Take the whole listing and reproduce it exactly, pictures excepted.

AVAILABLE RECORDS below:

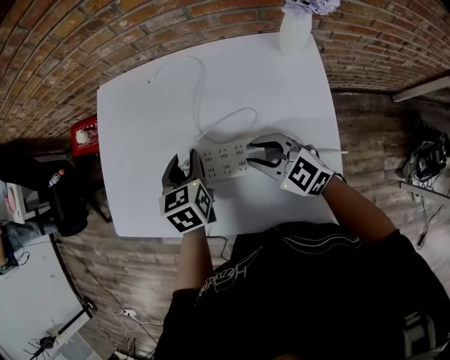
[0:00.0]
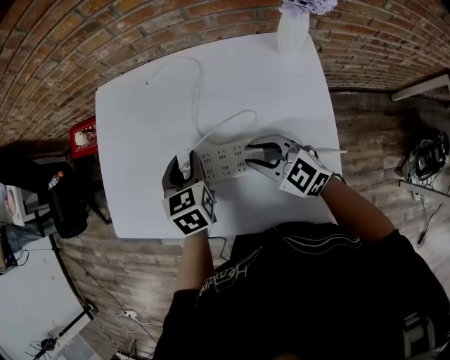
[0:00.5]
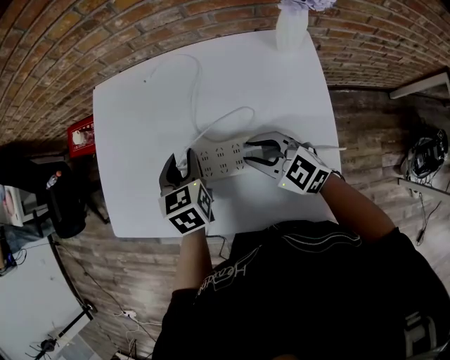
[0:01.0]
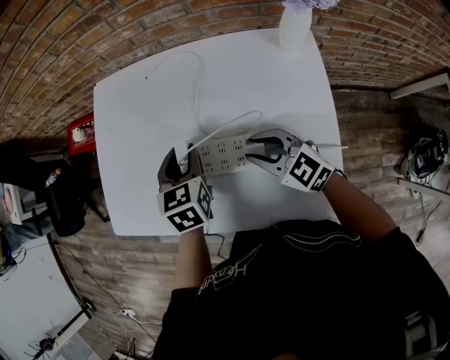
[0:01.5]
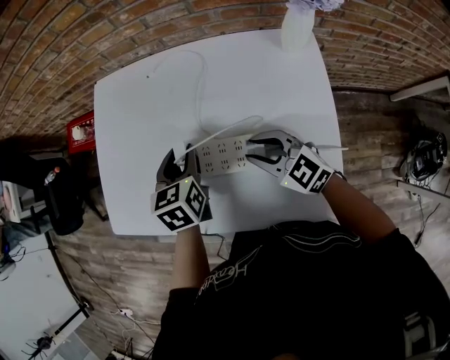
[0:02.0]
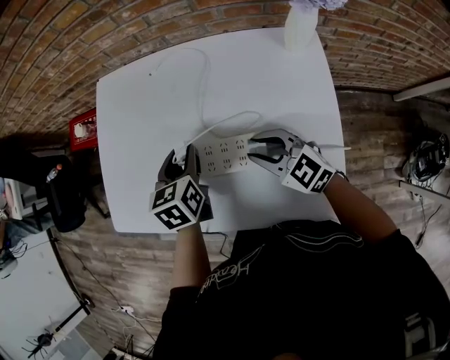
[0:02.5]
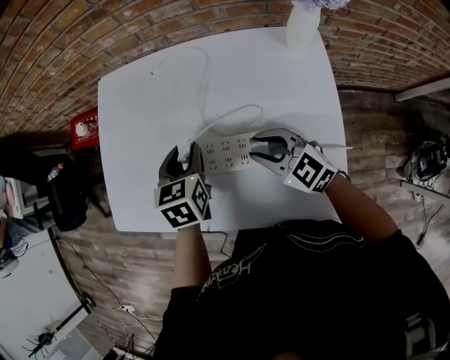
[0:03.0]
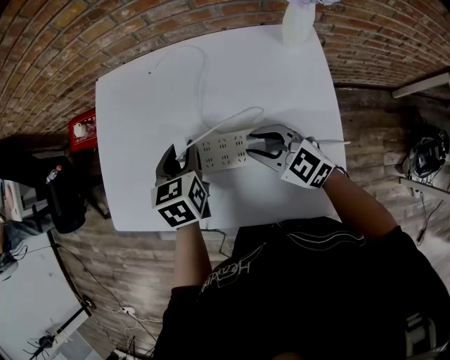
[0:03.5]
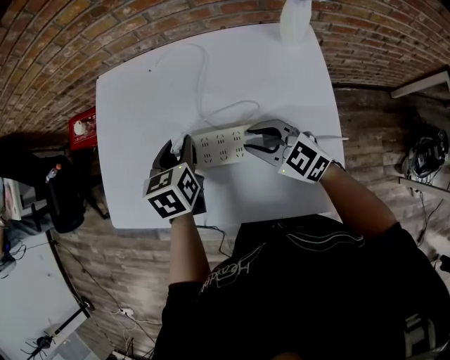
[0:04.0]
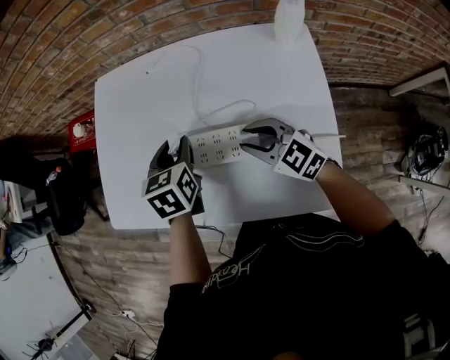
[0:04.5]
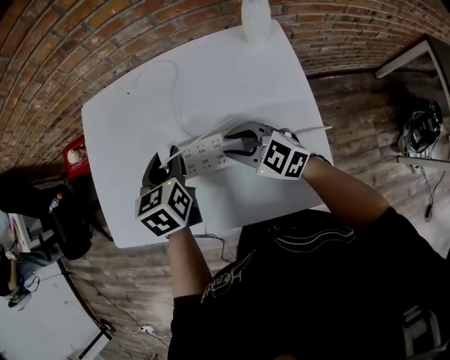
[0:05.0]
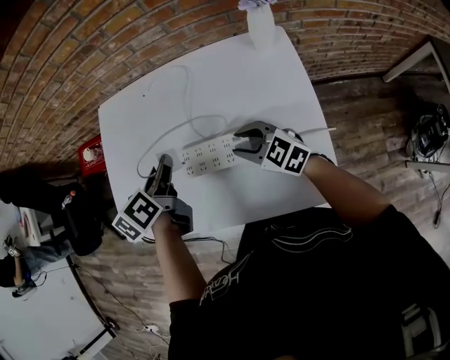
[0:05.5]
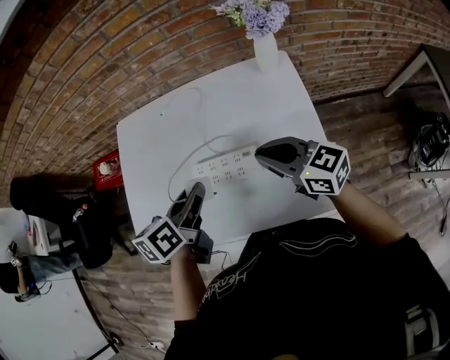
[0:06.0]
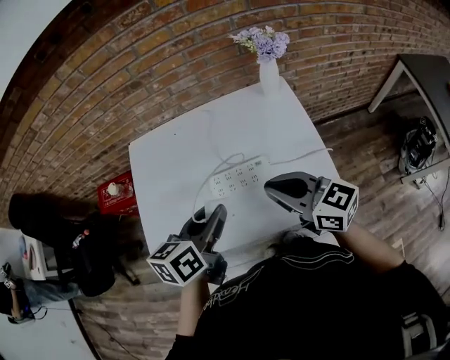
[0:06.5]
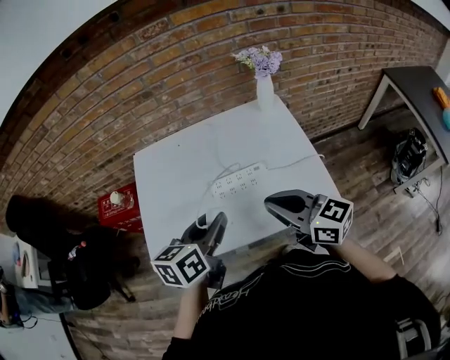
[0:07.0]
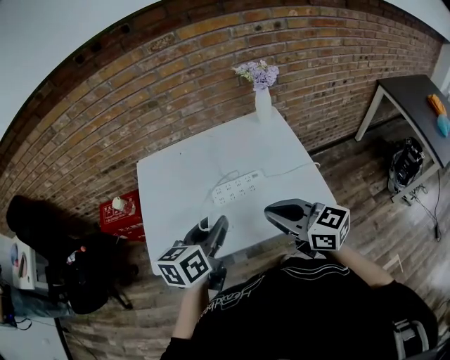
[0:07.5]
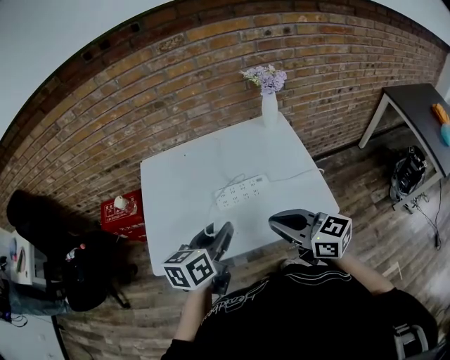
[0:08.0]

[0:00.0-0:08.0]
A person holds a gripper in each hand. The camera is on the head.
0:00.0 to 0:04.0: The grippers make only small movements.
0:04.0 to 0:06.0: The left gripper shifts about 15 cm upward and backward, and changes its angle by about 30 degrees, while the right gripper goes about 15 cm upward, swivels approximately 30 degrees, and closes.
0:06.0 to 0:08.0: The right gripper is displaced backward, to the left and upward by some 20 cm. The left gripper goes roughly 15 cm backward, upward and to the left, and turns by some 20 degrees.

End of AVAILABLE RECORDS.

■ ANSWER TO THE PROBLEM ■
[0:00.0]
[0:00.5]
[0:01.0]
[0:01.5]
[0:02.0]
[0:02.5]
[0:03.0]
[0:03.5]
[0:04.0]
[0:04.5]
[0:05.0]
[0:05.5]
[0:06.0]
[0:06.5]
[0:07.0]
[0:07.5]
[0:08.0]

[0:00.0-0:08.0]
A person holds a gripper in each hand. The camera is on the head.
0:00.0 to 0:04.0: The grippers make only small movements.
0:04.0 to 0:06.0: The left gripper shifts about 15 cm upward and backward, and changes its angle by about 30 degrees, while the right gripper goes about 15 cm upward, swivels approximately 30 degrees, and closes.
0:06.0 to 0:08.0: The right gripper is displaced backward, to the left and upward by some 20 cm. The left gripper goes roughly 15 cm backward, upward and to the left, and turns by some 20 degrees.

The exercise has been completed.